## WHAT YOU ARE ASKED TO DO
Repeat the records below exactly from the line containing "An aerial image. It shows: Railway switch." to the line containing "An aerial image. It shows: Sidewalk.", taking in both of those lines. Drop the pictures.

## RECORDS FOR PROCESSING
BEGIN
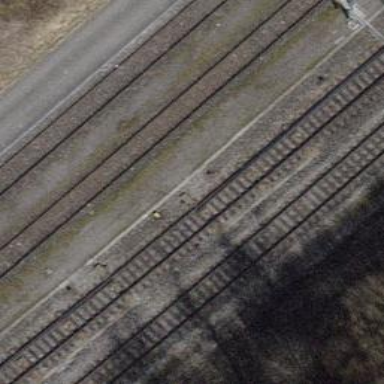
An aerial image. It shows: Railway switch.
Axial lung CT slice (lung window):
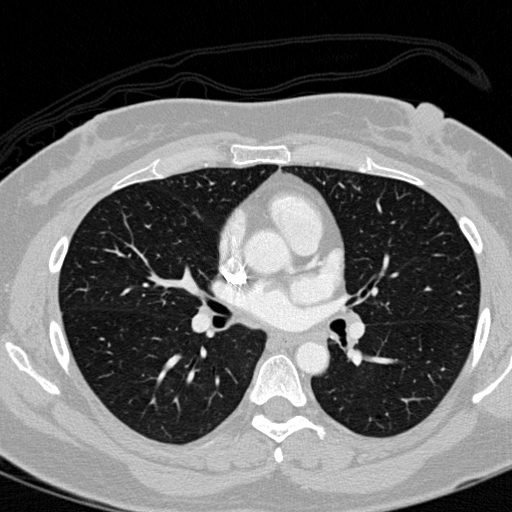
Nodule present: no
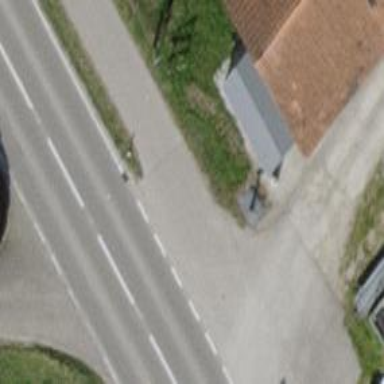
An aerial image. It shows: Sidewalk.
END
BEGIN
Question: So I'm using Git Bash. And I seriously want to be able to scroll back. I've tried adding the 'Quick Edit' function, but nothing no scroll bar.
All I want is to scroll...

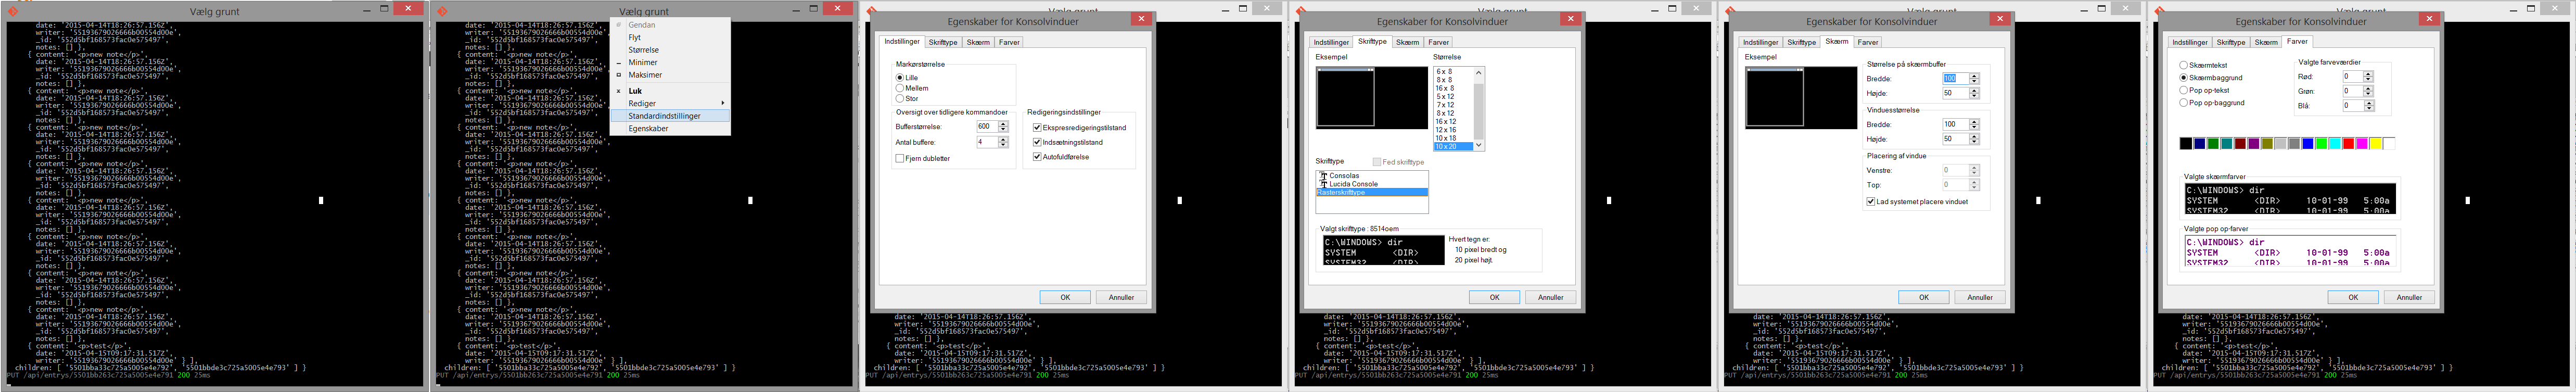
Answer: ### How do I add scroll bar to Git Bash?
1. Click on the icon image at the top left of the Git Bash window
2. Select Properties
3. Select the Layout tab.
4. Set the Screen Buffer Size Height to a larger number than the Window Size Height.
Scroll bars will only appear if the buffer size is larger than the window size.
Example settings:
END
## SOLUTION TO THIS TASK
An aerial image. It shows: Railway switch.
Axial lung CT slice (lung window):
Nodule present: no
An aerial image. It shows: Sidewalk.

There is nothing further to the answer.